* **Stored items**:
━━━━━━━━━━

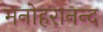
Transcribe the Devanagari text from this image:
मनोहरानन्द
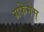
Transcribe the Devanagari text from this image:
ग्रफेमेस्
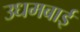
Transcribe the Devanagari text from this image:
उधमबाई
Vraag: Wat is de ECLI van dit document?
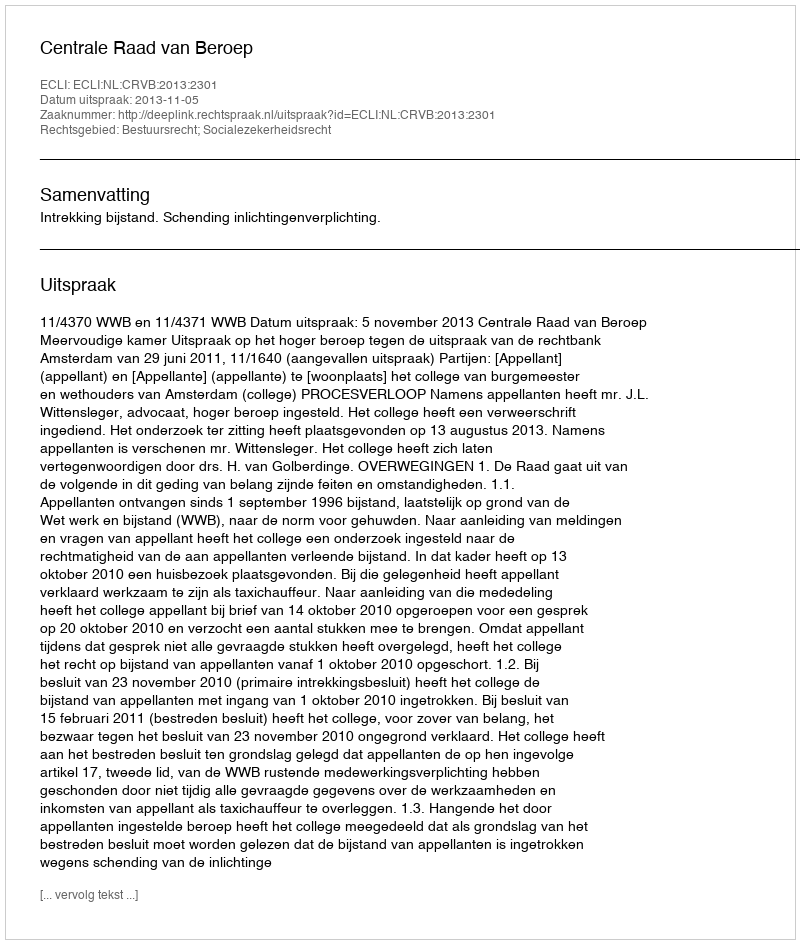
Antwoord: ECLI:NL:CRVB:2013:2301
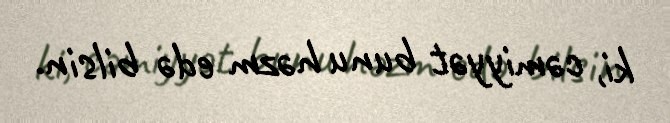
ki, cəmiyyət bunu həzm edə bilsin.
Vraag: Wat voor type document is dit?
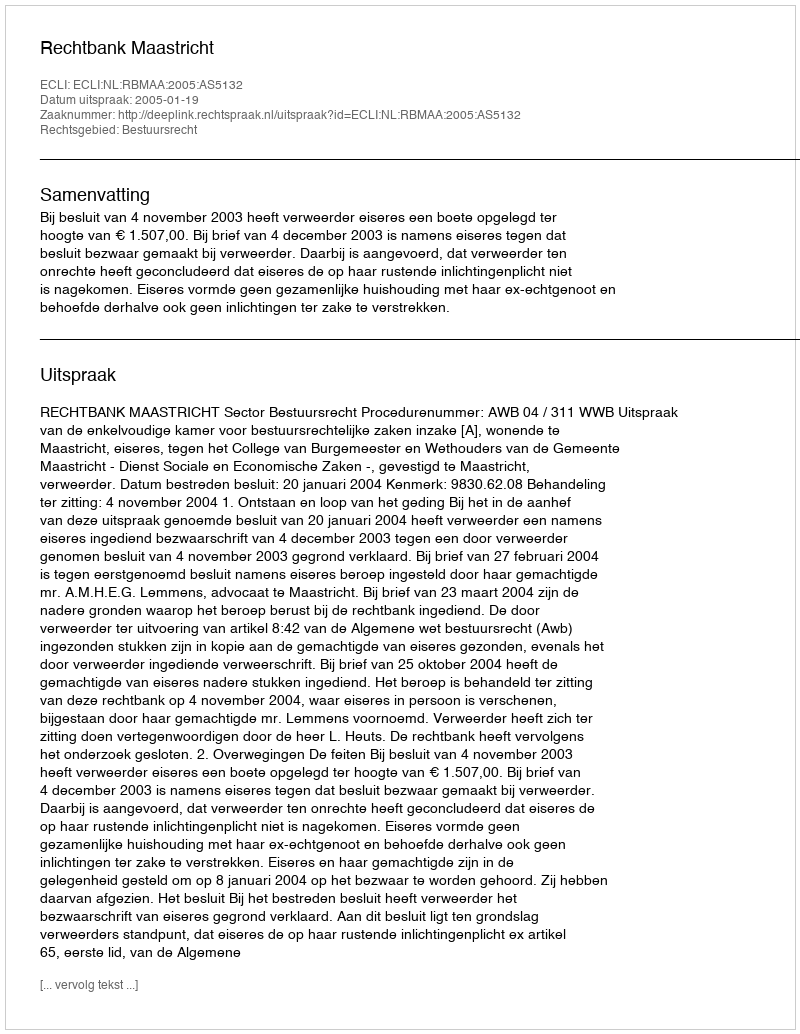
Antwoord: Uitspraak
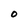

━━━━━━━━━━

* **Goal of the exercise**: The answer consists of every line above in which the word "document" occurs.

* **Written response**:
Vraag: Wat is de ECLI van dit document?
Vraag: Wat voor type document is dit?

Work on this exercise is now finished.